那片虛空如同被無形的巨錘砸中的水面,瞬間凹陷下去!形成一個肉眼可見的、扭曲的力場空洞!狂暴的力量衝擊波如同實質的海嘯,以那凹陷點為中心,呈環形向四面八方瘋狂席捲!
地面堅硬的泥土如同被無形的巨犁翻開,層層疊疊的土浪咆哮著衝向四周!院牆發出不堪重負的呻吟,瞬間佈滿蛛網般的裂痕!堆疊在牆角的“墨經”宣紙被狂暴的氣流捲起,漫天狂舞,如同黑色的雪片!
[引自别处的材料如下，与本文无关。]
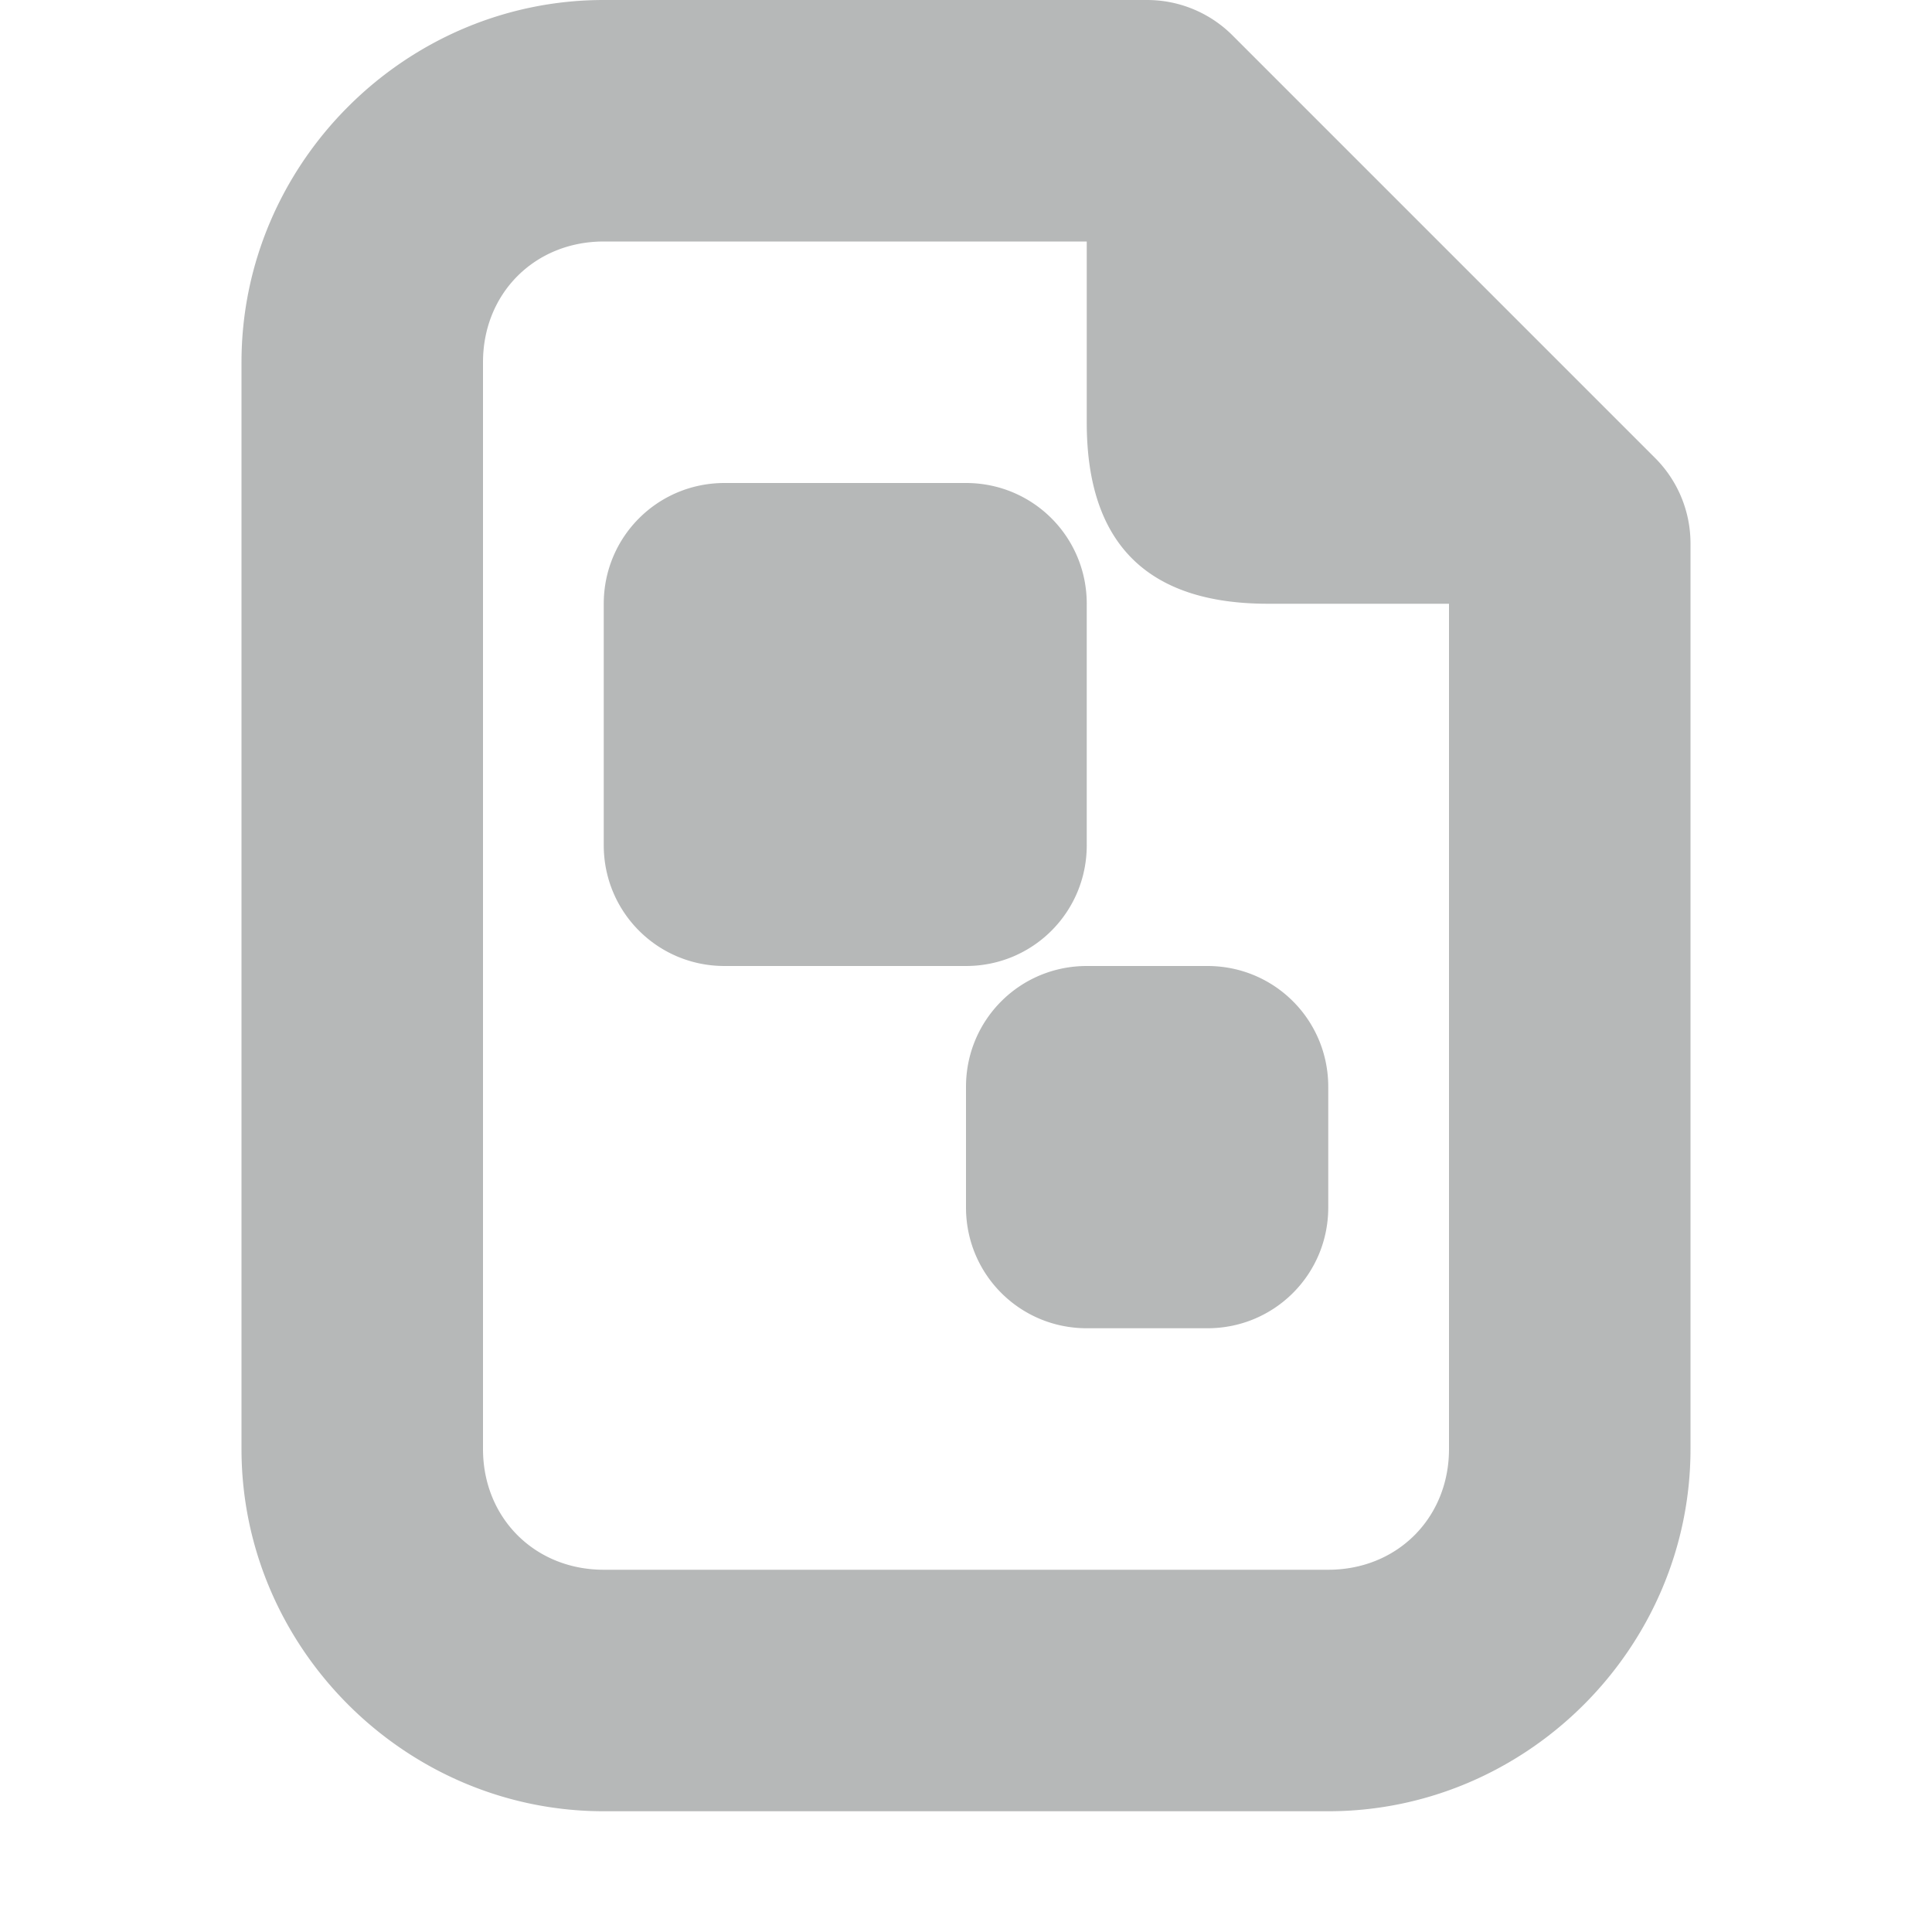 <svg viewBox="0 0 16 16" xmlns="http://www.w3.org/2000/svg"><path d="m5 0c-1.645 0-3 1.355-3 3v9c0 1.645 1.355 3 3 3h6c1.645 0 3-1.355 3-3v-7.5a1 1 0 0 0 -.293-.707l-3.5-3.5a1 1 0 0 0 -.707-.293zm0 2h4v1.5c0 1.0.5 1.5 1.5 1.5h1.5v7c0 .571-.429 1-1 1h-6c-.571 0-1-.429-1-1v-9c0-.571.429-1 1-1zm1 2c-.554 0-1 .446-1 1v2c0 .554.446 1 1 1h2c.554 0 1-.446 1-1v-2c0-.554-.446-1-1-1zm3 4c-.554 0-1 .446-1 1v1c0 .554.446 1 1 1h1c.554 0 1-.446 1-1v-1c0-.554-.446-1-1-1z" fill="#2e3436" opacity=".35"/></svg>

柳隨風首當其衝!他感覺一股無法抗拒的、彷彿來自遠古洪荒的恐怖巨力當頭罩下!避無可避!擋無可擋!他拼盡全力將體內所有靈力化作護體罡氣,同時身形如同狂風中的落葉,試圖向後飛退卸力!
噗——!
護體罡氣如同紙糊般瞬間破碎!柳隨風如遭雷擊,狂噴一口鮮血!整個人如同斷線的風箏,被那股恐怖的環形衝擊波狠狠掀飛出去!身體在空中不受控制地翻滾了好幾圈,才“砰”的一聲,重重撞在後方那佈滿裂痕的院牆上!
嘩啦啦!
本就搖搖欲墜的院牆,被這一撞,終於徹底坍塌了半邊!煙塵瀰漫!
“啾啾!!(牆塌啦!柳師兄飛啦!)”小呆毛嚇得魂飛魄散,撲稜著翅膀亂飛。
“嗷嗚?!(地震?!肉呢?!)”墨星被巨大的聲響和震動徹底驚醒,抱著它的靈草根鬚驚恐地尖叫,連滾帶爬地躲到小金身後。
“吼!”小金髮出一聲低沉的警告長吟,周身金光流轉,無形的神獸威壓擴散開來,將席捲向歐陽奚旺方向的碎石煙塵盡數排開。
煙塵緩緩散去。
歐陽奚旺保持著雙手持劍下劈的姿態,沉嶽重劍深深嵌入身前的地面,只留下半截劍身在外,微微震顫著,發出低沉而滿足的嗡鳴。他胸膛劇烈起伏,古銅色的面板上汗珠滾落,在晨光下閃爍著晶瑩的光澤。但那雙星辰般的眸子,卻亮得如同燃燒的星辰,充滿了酣暢淋漓的釋放感與掌控力量的絕對自信!
院牆廢墟中,柳隨風狼狽不堪地推開壓在身上的碎石斷磚,掙扎著坐起身。他臉色蒼白如紙,嘴角掛著血跡,華麗的青色劍衫沾滿了塵土,破損了好幾處。他劇烈地咳嗽著,看向院中那個持劍而立的少年身影,眼中再無半分輕佻,只剩下濃濃的驚駭、難以置信,以及…一絲難以言喻的敬畏。
他看著那柄深深嵌入地面的沉嶽重劍,看著少年周身那尚未完全散去的、如同洪荒巨獸般的恐怖氣勢,感受著空氣中殘留的、令人窒息的沉重壓迫感…
“劍招隨心…意動法隨…”柳隨風喃喃自語,聲音乾澀沙啞,帶著一絲夢囈般的恍惚,“這…這哪裡還是甚麼野路子…這分明是…劍心通明?!”